How not to have to type "bundle exec" using Bundler binstubs & chruby?

1k Views Asked by At

I'm using chruby to manage my Ruby versions, and Bundler's binstubs to avoid having to type "bundle exec". I'm running into issues I don't totally understand. Here's what I get when I try to run the test suite in our (Rails 4, Ruby 2.2.2) application:

$ rspec             
/Users/duncanmalashock/.rubies/ruby-2.2.2/lib/ruby/2.2.0/rubygems/core_ext/kernel_require.rb:54:in `require': cannot load such file -- simplecov (LoadError)
    from /Users/duncanmalashock/.rubies/ruby-2.2.2/lib/ruby/2.2.0/rubygems/core_ext/kernel_require.rb:54:in `require'
    from /Users/duncanmalashock/ruby_projects/platform/spec/spec_helper.rb:3:in `<top (required)>'
    from /Users/duncanmalashock/.rubies/ruby-2.2.2/lib/ruby/2.2.0/rubygems/core_ext/kernel_require.rb:54:in `require'
    from /Users/duncanmalashock/.rubies/ruby-2.2.2/lib/ruby/2.2.0/rubygems/core_ext/kernel_require.rb:54:in `require'
    from /Users/duncanmalashock/ruby_projects/platform/spec/controllers/admin/admin_controller_spec.rb:1:in `<top (required)>'
    from /Users/duncanmalashock/.gem/ruby/2.2.2/gems/rspec-core-3.3.2/lib/rspec/core/configuration.rb:1327:in `load'
    from /Users/duncanmalashock/.gem/ruby/2.2.2/gems/rspec-core-3.3.2/lib/rspec/core/configuration.rb:1327:in `block in load_spec_files'
    from /Users/duncanmalashock/.gem/ruby/2.2.2/gems/rspec-core-3.3.2/lib/rspec/core/configuration.rb:1325:in `each'
    from /Users/duncanmalashock/.gem/ruby/2.2.2/gems/rspec-core-3.3.2/lib/rspec/core/configuration.rb:1325:in `load_spec_files'
    from /Users/duncanmalashock/.gem/ruby/2.2.2/gems/rspec-core-3.3.2/lib/rspec/core/runner.rb:102:in `setup'
    from /Users/duncanmalashock/.gem/ruby/2.2.2/gems/rspec-core-3.3.2/lib/rspec/core/runner.rb:88:in `run'
    from /Users/duncanmalashock/.gem/ruby/2.2.2/gems/rspec-core-3.3.2/lib/rspec/core/runner.rb:73:in `run'
    from /Users/duncanmalashock/.gem/ruby/2.2.2/gems/rspec-core-3.3.2/lib/rspec/core/runner.rb:41:in `invoke'
    from /Users/duncanmalashock/.gem/ruby/2.2.2/gems/rspec-core-3.3.2/exe/rspec:4:in `<top (required)>'
    from /Users/duncanmalashock/.gem/ruby/2.2.2/bin/rspec:23:in `load'
    from /Users/duncanmalashock/.gem/ruby/2.2.2/bin/rspec:23:in `<main>'

When I run $ bundle exec rspec, the suite runs correctly. I've been looking into postmodern's gem_home, and have installed it, but it's not giving me the results I'm looking for. I'm using zsh on OSX Yosemite.

in .zshrc:

source /usr/local/share/chruby/chruby.sh
source '/usr/local/share/chruby/auto.sh'
source /usr/local/share/gem_home/gem_home.sh

export PATH=./.bundle/bin:$PATH
alias b='bundle install --path .bundle/gems --binstubs .bundle/bin'
2

There are 2 best solutions below

0
On BEST ANSWER

Just install the simplecov gem in your system (simply do: gem install simplecov) and run your test again. It will work.

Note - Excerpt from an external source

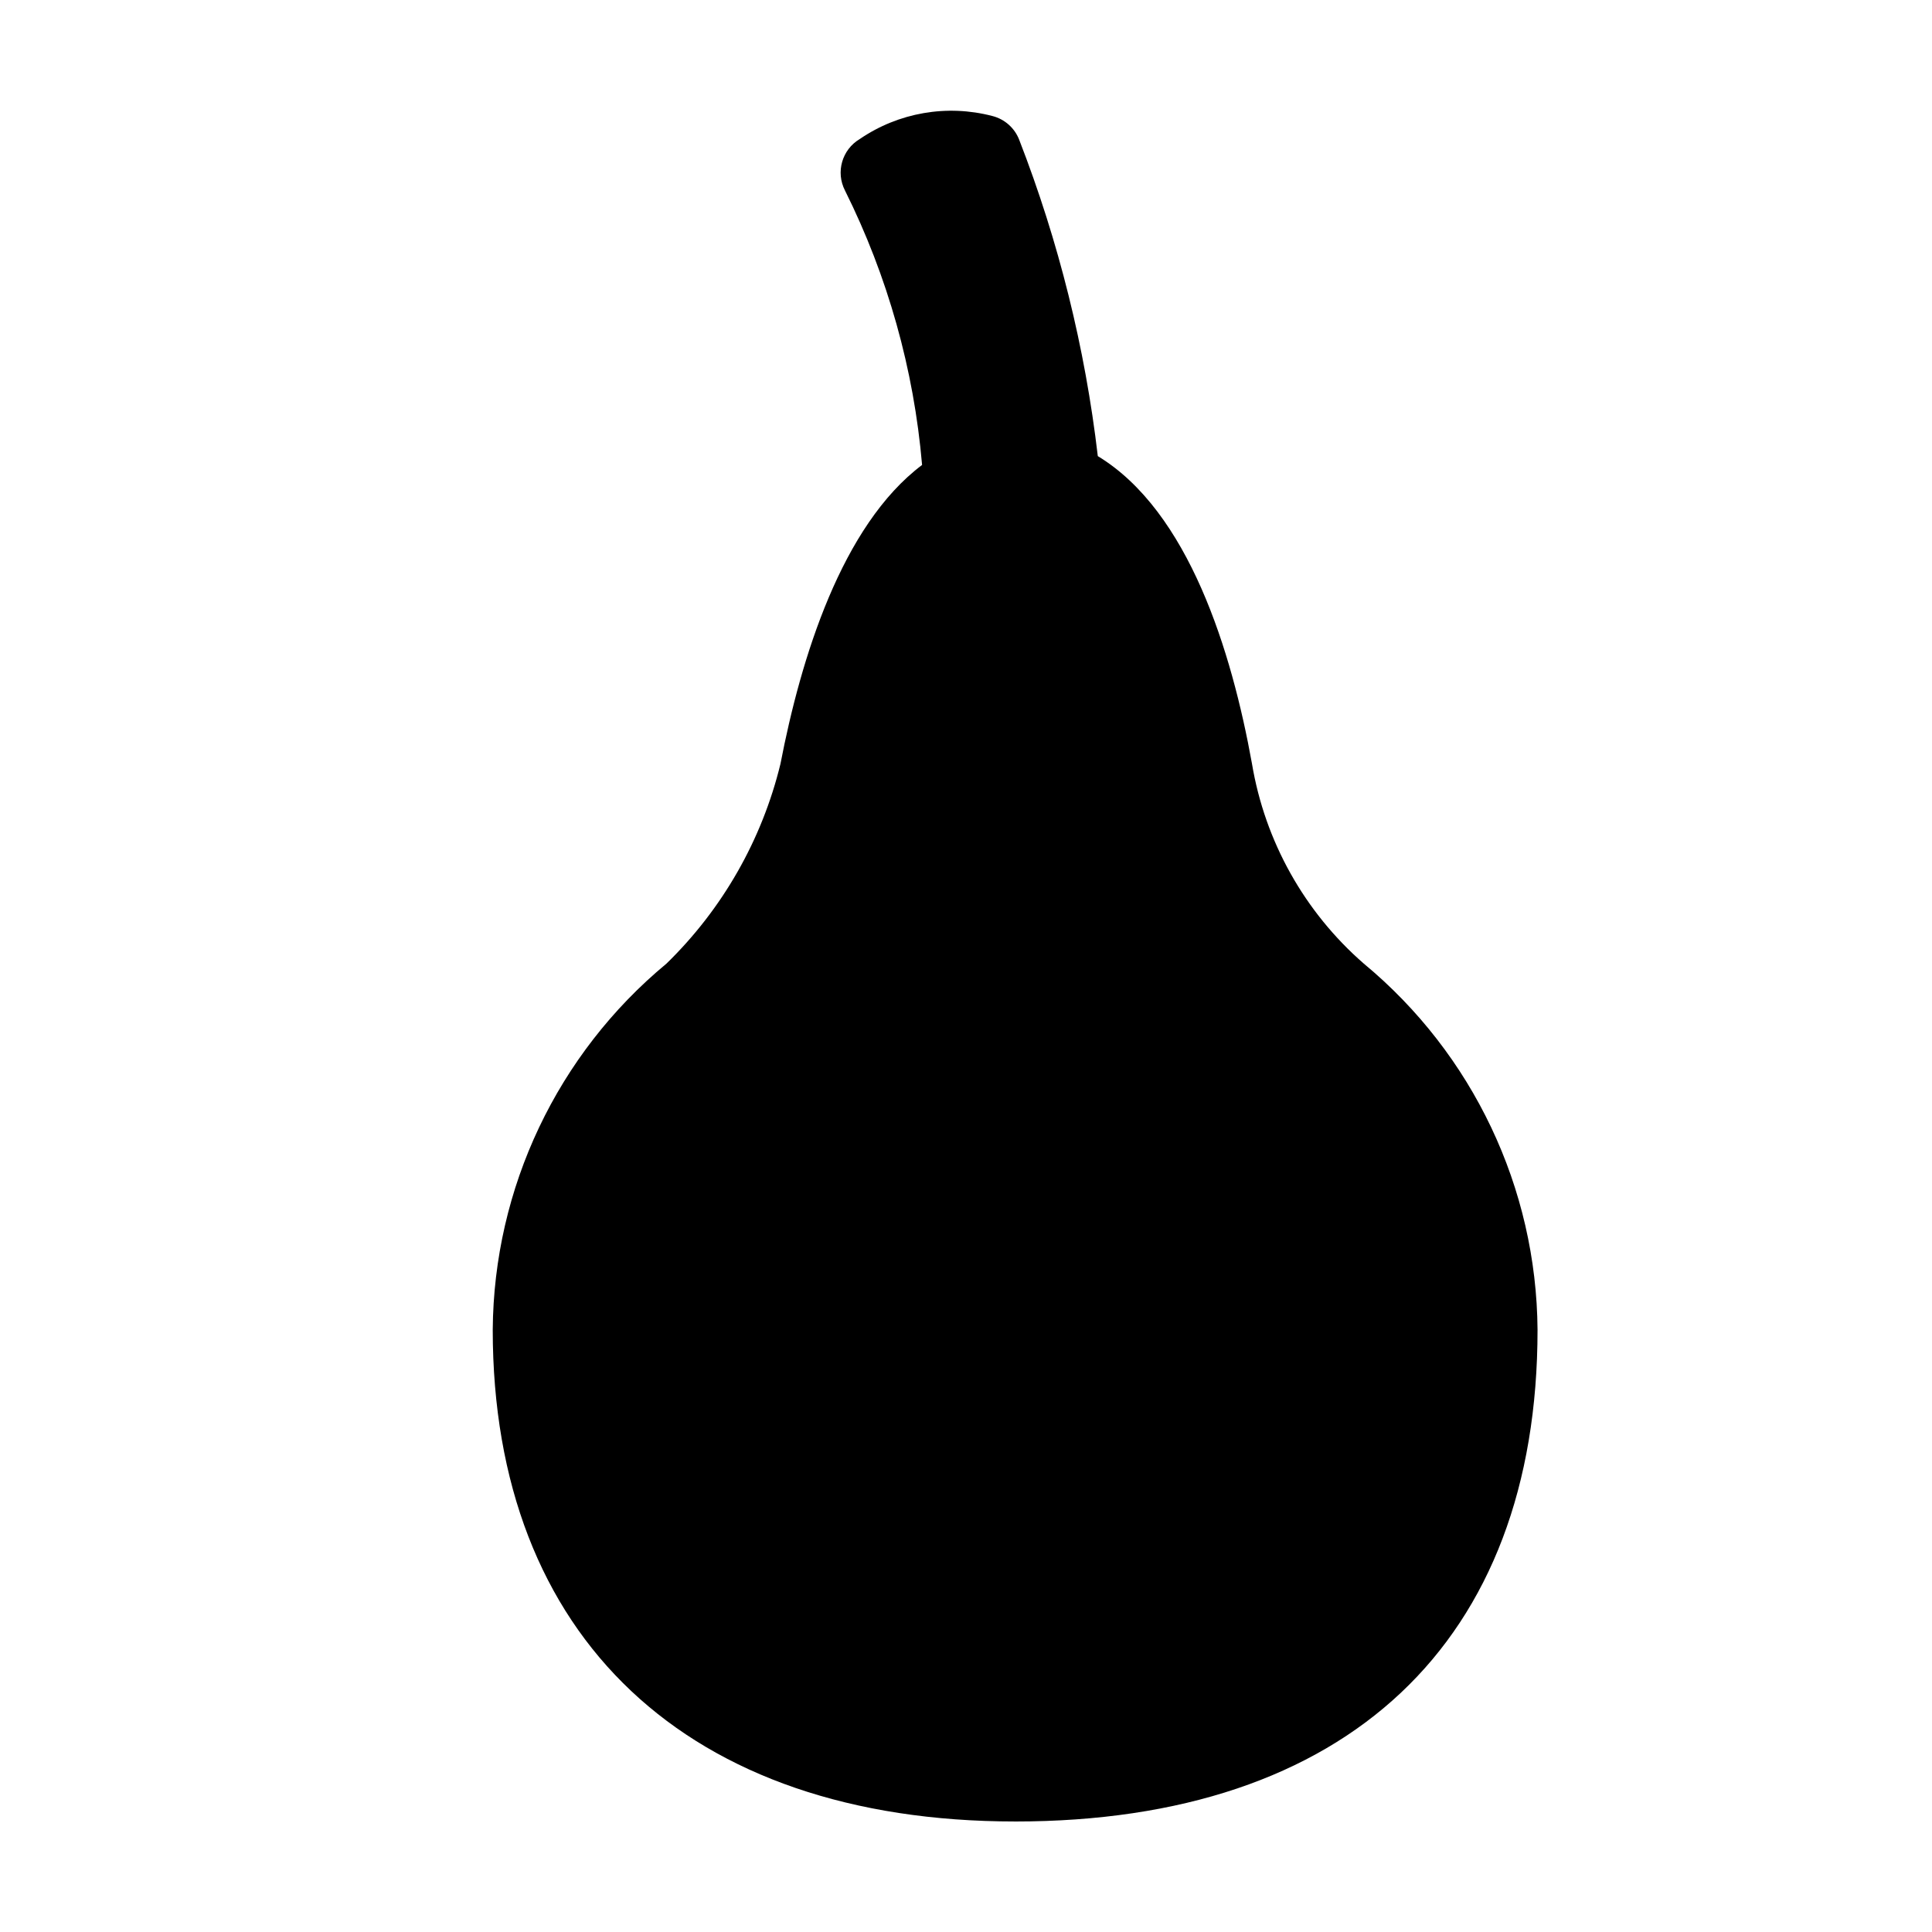 <?xml version="1.0" encoding="UTF-8"?>
<!-- Uploaded to: SVG Repo, www.svgrepo.com, Generator: SVG Repo Mixer Tools -->
<svg fill="#000000" width="800px" height="800px" version="1.1" viewBox="144 144 512 512" xmlns="http://www.w3.org/2000/svg">
 <path d="m413.02 626.71c-86.684 0-138.44-48.719-138.44-130.32v0.004c0.273-37.551 17.125-73.062 46.035-97.023 14.852-14.461 25.324-32.816 30.219-52.957 5.379-27.914 16.188-63.148 37.527-79.199-2.172-25.32-9.105-50-20.441-72.746-2.492-4.863-0.777-10.828 3.918-13.621 10.285-7.031 23.113-9.254 35.164-6.102 3.246 0.828 5.894 3.176 7.098 6.305 10.473 26.941 17.469 55.113 20.828 83.824 24.113 14.621 35.5 51.789 40.855 81.496v0.004c3.434 20.566 13.91 39.305 29.641 52.996 28.914 23.961 45.766 59.473 46.039 97.023 0 82.82-50.461 130.32-138.45 130.32z"/>
</svg>

But, it's a better practice to use bundle exec to run the rake or rspec commands. Because that way, you would ensure that the command is running in the context of your Gemfile.

You can add these aliases to your .zshrc file:

alias ber="bundle exec rspec"
alias be="bundle exec"

And, then run your rspec tests like this:

ber

or,

be rspec
0
On

Your problem is that bundler has installed simplecov local to the project and you are trying to run the system global rspec. That is going to look for simplecov in the system ruby library location. Using a Ruby language version manager is not going to change this behaviour. It will just use the versioned ruby's library location instead.

If you wish your versioned Ruby to use rspec and simplecov together then you need to install simplecov in your versioned ruby using whatever tool equivalent to gem that is provided.

I am not sure why you find running bundle exec of great import. One can always create an alias in .bashrc or .bash_profile. I have two for bundle exec, one is be and the other bexec. I also have aliases for bundle exec rails (brails) and bundle exec rake (break). In practice I find that these are really little different than running the customary commands.